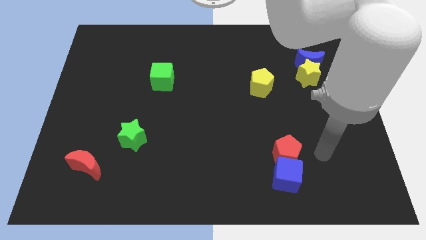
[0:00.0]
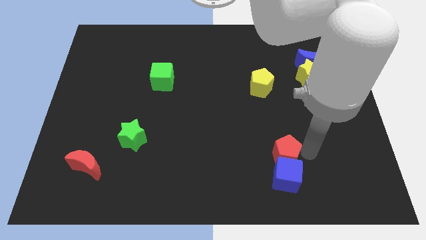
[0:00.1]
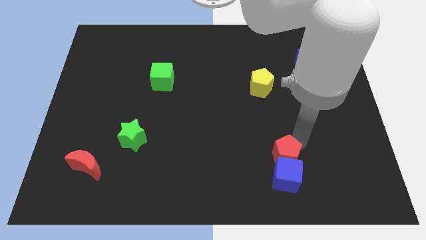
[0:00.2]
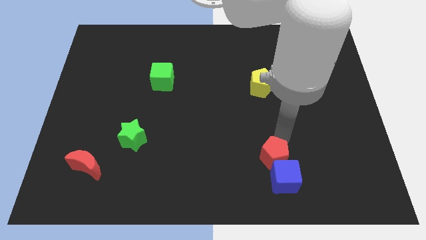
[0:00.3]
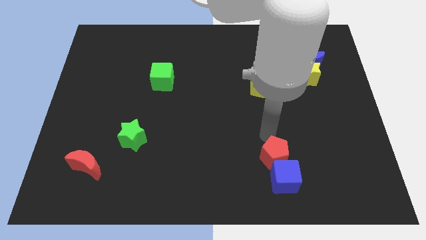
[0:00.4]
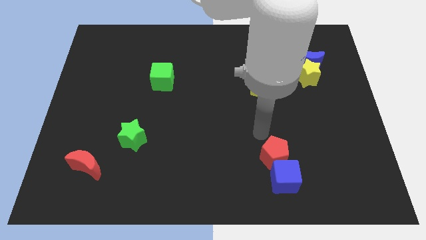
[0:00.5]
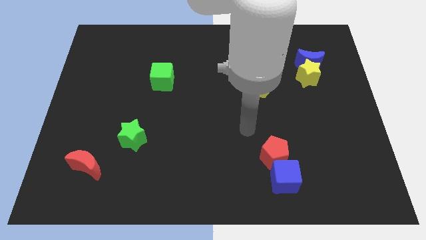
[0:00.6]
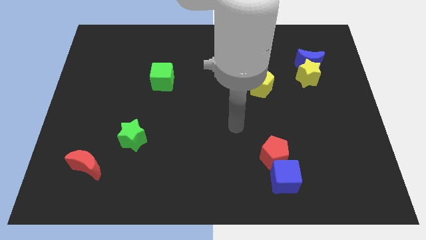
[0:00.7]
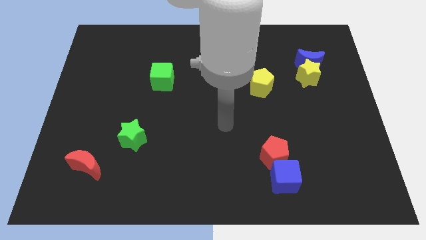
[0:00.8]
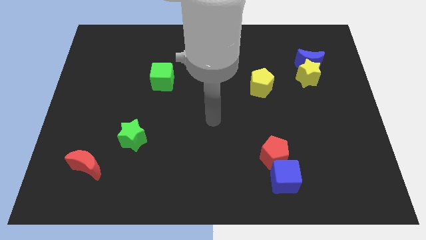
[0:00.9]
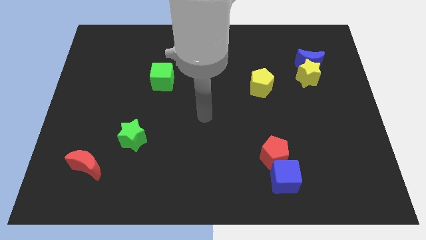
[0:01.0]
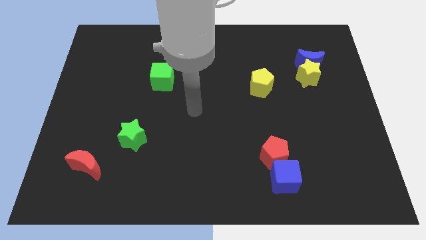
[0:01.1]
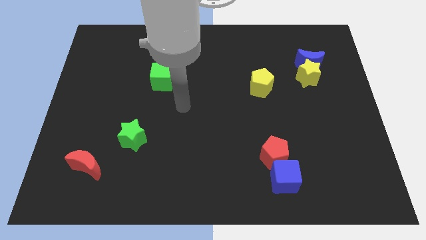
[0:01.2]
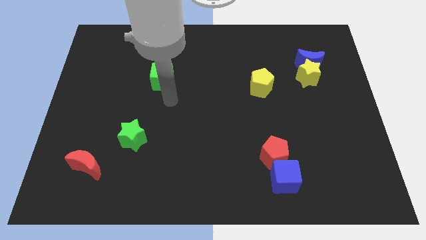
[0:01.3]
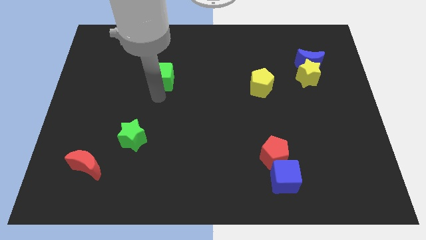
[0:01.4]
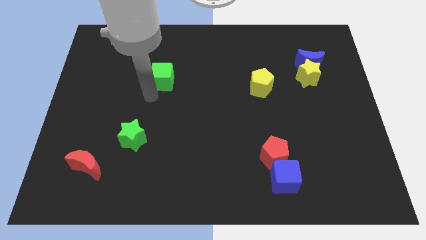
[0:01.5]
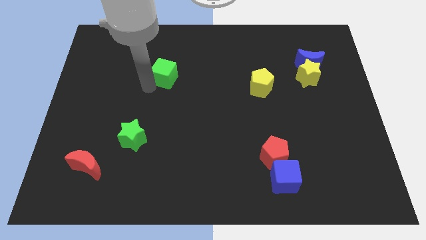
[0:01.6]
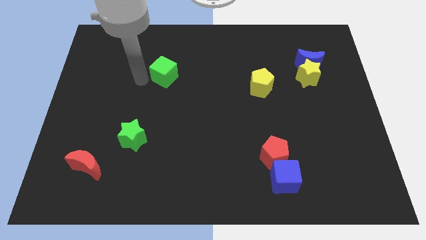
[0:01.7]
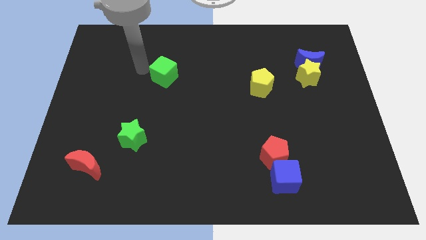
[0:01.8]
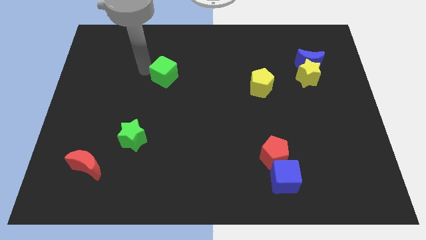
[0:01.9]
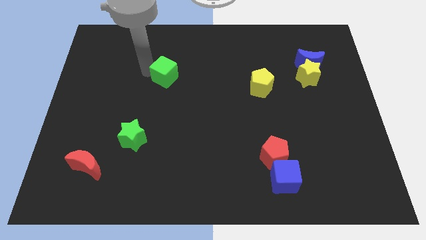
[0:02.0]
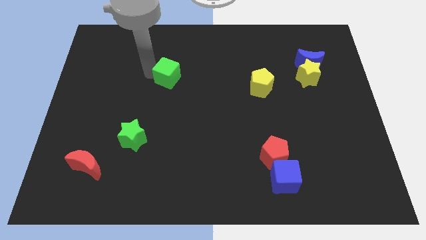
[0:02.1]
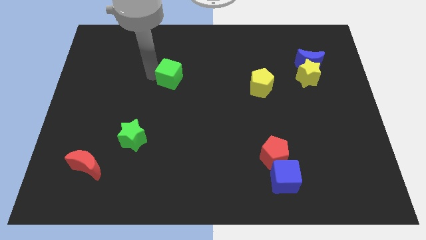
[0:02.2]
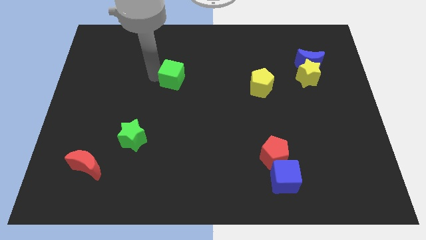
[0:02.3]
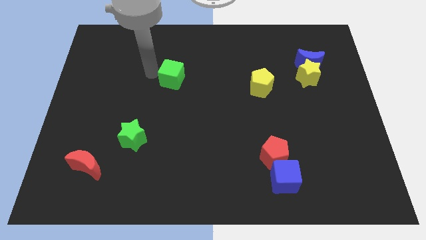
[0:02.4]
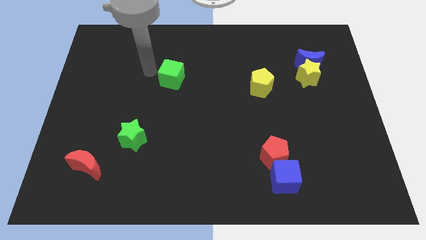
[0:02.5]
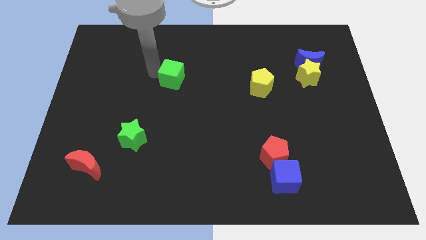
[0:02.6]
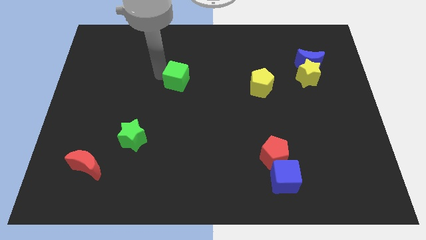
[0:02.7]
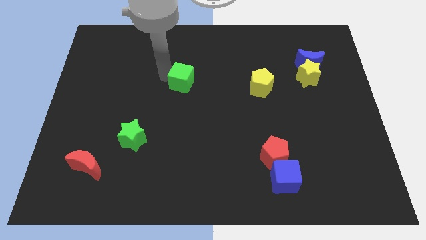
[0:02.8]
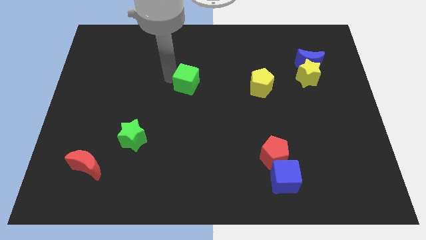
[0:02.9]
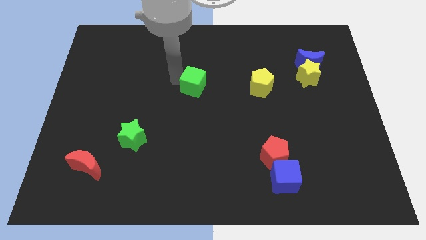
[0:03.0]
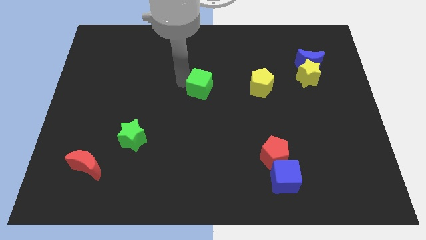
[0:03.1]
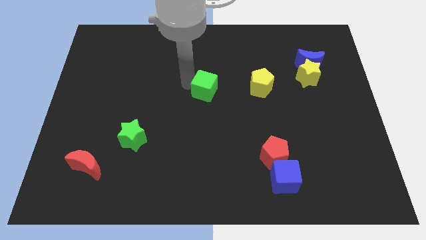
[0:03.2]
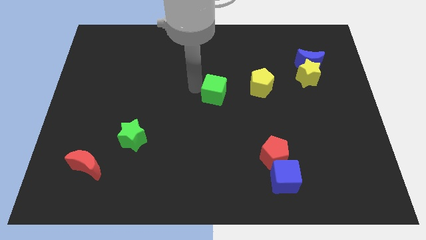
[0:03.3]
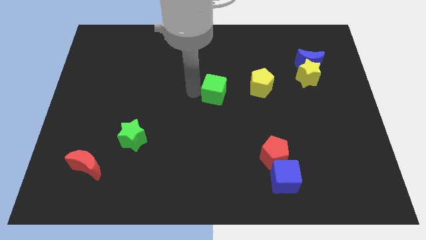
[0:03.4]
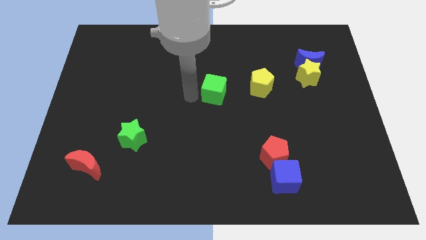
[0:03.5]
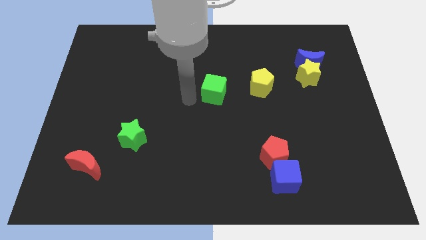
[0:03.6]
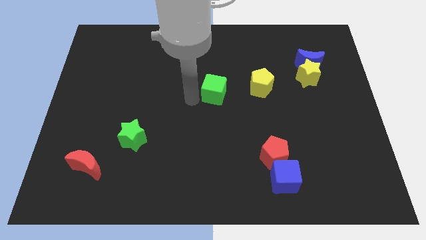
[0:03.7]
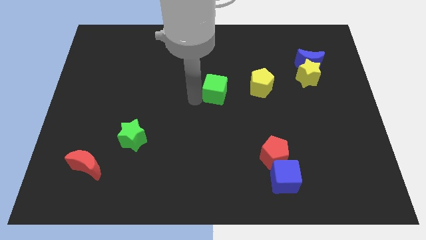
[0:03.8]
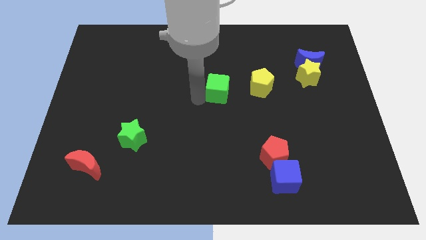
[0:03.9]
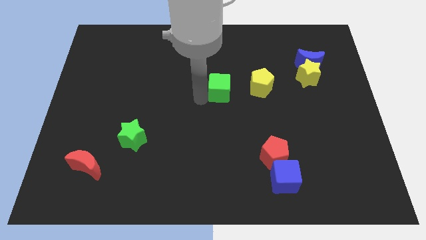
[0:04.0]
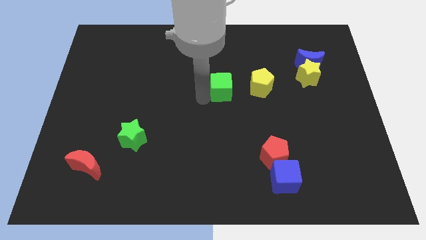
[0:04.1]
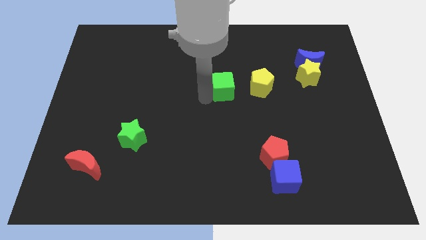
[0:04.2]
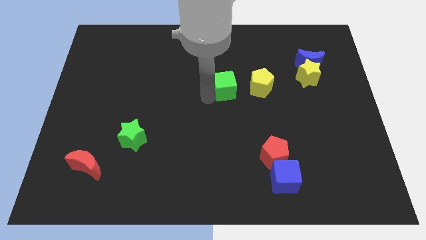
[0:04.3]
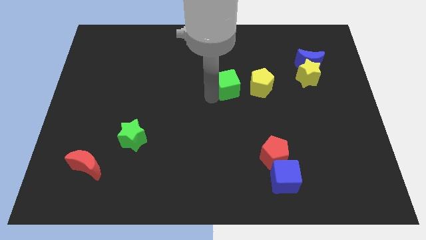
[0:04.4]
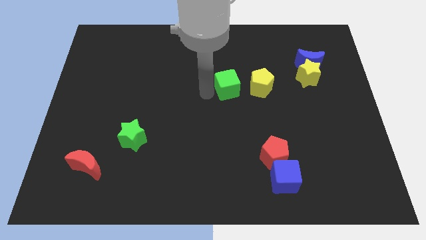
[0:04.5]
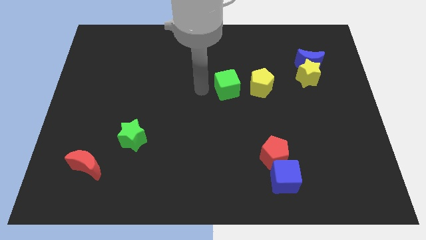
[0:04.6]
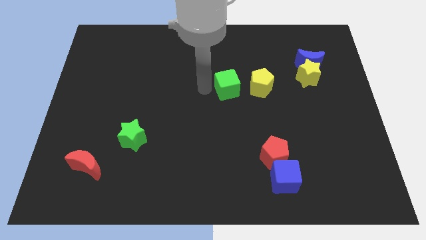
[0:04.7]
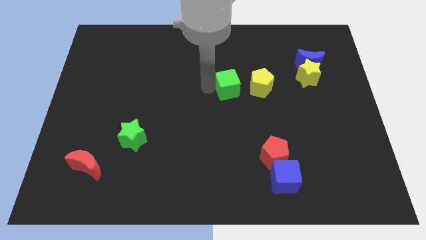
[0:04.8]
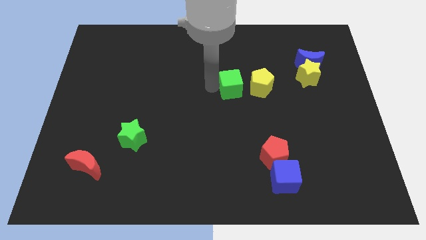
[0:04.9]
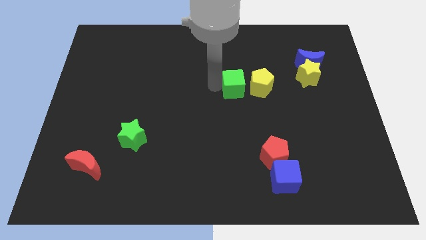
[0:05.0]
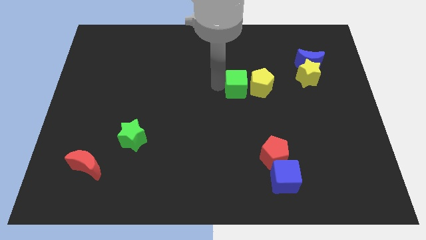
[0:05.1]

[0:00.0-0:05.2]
put the green cube close to the yellow pentagon

● ● ●

ACTION ITEM: Skip the images and write out the rest of the listing exactly.

TASK SOLUTION:
[0:00.0]
[0:00.1]
[0:00.2]
[0:00.3]
[0:00.4]
[0:00.5]
[0:00.6]
[0:00.7]
[0:00.8]
[0:00.9]
[0:01.0]
[0:01.1]
[0:01.2]
[0:01.3]
[0:01.4]
[0:01.5]
[0:01.6]
[0:01.7]
[0:01.8]
[0:01.9]
[0:02.0]
[0:02.1]
[0:02.2]
[0:02.3]
[0:02.4]
[0:02.5]
[0:02.6]
[0:02.7]
[0:02.8]
[0:02.9]
[0:03.0]
[0:03.1]
[0:03.2]
[0:03.3]
[0:03.4]
[0:03.5]
[0:03.6]
[0:03.7]
[0:03.8]
[0:03.9]
[0:04.0]
[0:04.1]
[0:04.2]
[0:04.3]
[0:04.4]
[0:04.5]
[0:04.6]
[0:04.7]
[0:04.8]
[0:04.9]
[0:05.0]
[0:05.1]

[0:00.0-0:05.2]
put the green cube close to the yellow pentagon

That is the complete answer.